Now the Egyptian woman gave up and began to sob, tears careening down her face. “Only Hafsa stood up for the girl, talked back to those men. She started to call the police on her cell phone, and one man—the tall one, the one with the sunglasses—he was on her right away. He bent her arm backward, and took the phone and crushed it with his boot, but then she swung at him with her other arm and hit him in the face.” Fatma shivered. “That is when things got very, very bad…”

“What, Fatma? What happened next?” Nora felt her own heart thumping, and her breathing was hard coming.

“So many, many things happened at once.” Fatma mopped at her eyes with the edge of her scarf. “The imam, he heard the shouting, and he ran in, and one man caught him and held him. The imam was yelling at them that it was a mosque, that there could be no guns, no violence there. That they had to leave right away. And then he saw the one with the sunglasses, and he got very scared. And that man started talking to the imam, very fast, very serious, telling him that he had already threatened him, and that he knew what he could do to him and his wife if he defied their gang.”

“Already threatened him? So the imam knew what was going on?” choked Nora, furious.

“I only know that the imam was very scared, terrified … in a way that surprised us all. And although he begged them to stop what they were doing, he … did not attack them, did not threaten to call the police, did not do anything. And the one man said to him,
I guess you will know how to control this lot
—and he gestured to us.
No one here saw anything. Nothing happened here
, the man said. And then the imam just watched as the men took both of them.”

“Took them?”

“The one holding Hafsa yanked her scarf off her head and tied it in her mouth as a gag. He held her by her hair, and was telling her that she would learn what it means to strike one of them. She would learn some respect. And the girl, the little girl … the other man told her … he told her…”

Fatma looked as though she would collapse, and for a moment she held her face in her hands. Then she looked up at Nora, her face filled with self-loathing. “
He said that if the man they'd sold her to wasn't still waiting, he would make her watch as he killed her ‘protector'
.”

Nora stared at her, unable to move or speak.

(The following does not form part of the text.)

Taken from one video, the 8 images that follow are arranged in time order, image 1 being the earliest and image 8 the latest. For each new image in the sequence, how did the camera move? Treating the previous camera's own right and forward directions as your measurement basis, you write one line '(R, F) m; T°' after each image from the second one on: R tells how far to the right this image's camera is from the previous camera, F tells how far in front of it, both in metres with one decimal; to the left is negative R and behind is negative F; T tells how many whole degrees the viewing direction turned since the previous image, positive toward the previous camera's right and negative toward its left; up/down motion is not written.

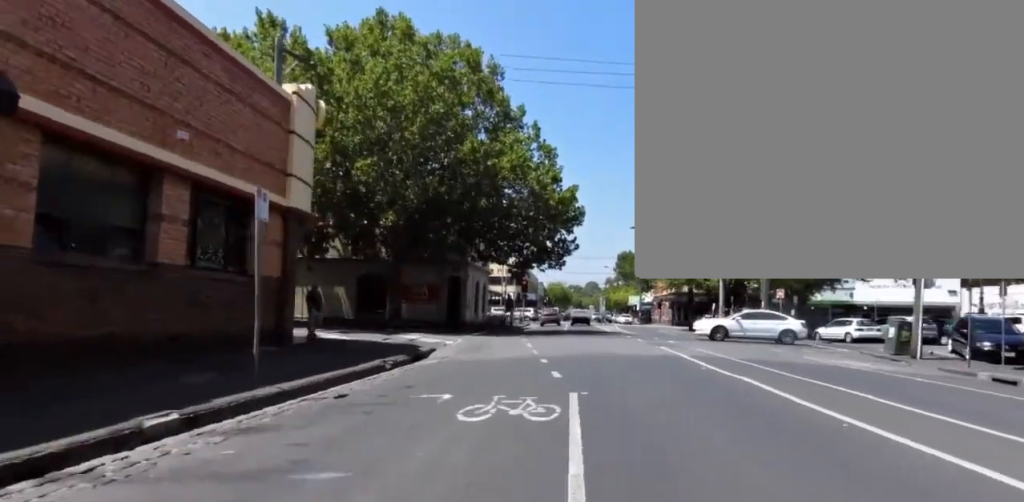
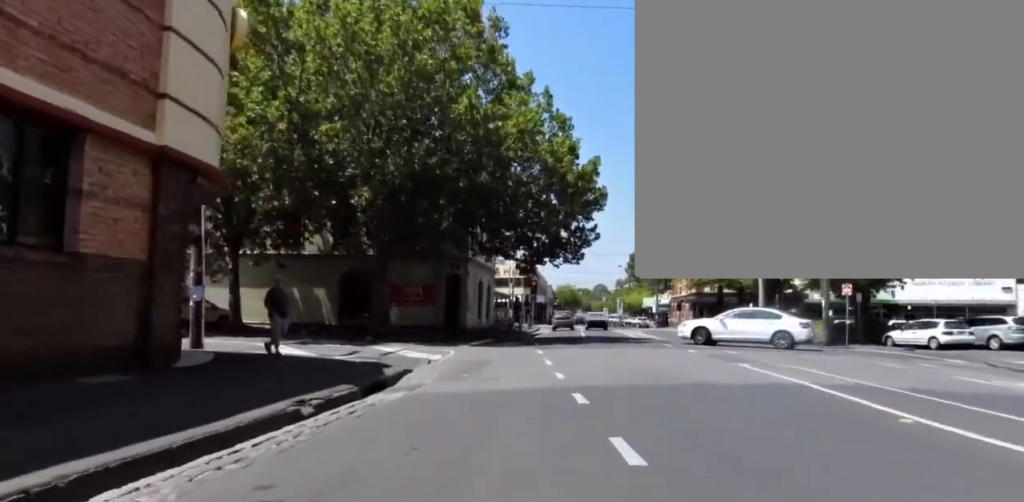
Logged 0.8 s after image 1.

“When they had gone, the imam came to us, and he told us what to say if someone came, rehearsed it with us, drilled us on it, made us swear never to tell any version but that one. He told us that these men had guns, that they had threatened him and his wife—that he lived in terror. They knew where he lived and every move he made. That they had settled in the area and would not be leaving—and that the best thing to do would be for us to help them and live in peace, or to leave, to find somewhere else to live, because they were trained killers.”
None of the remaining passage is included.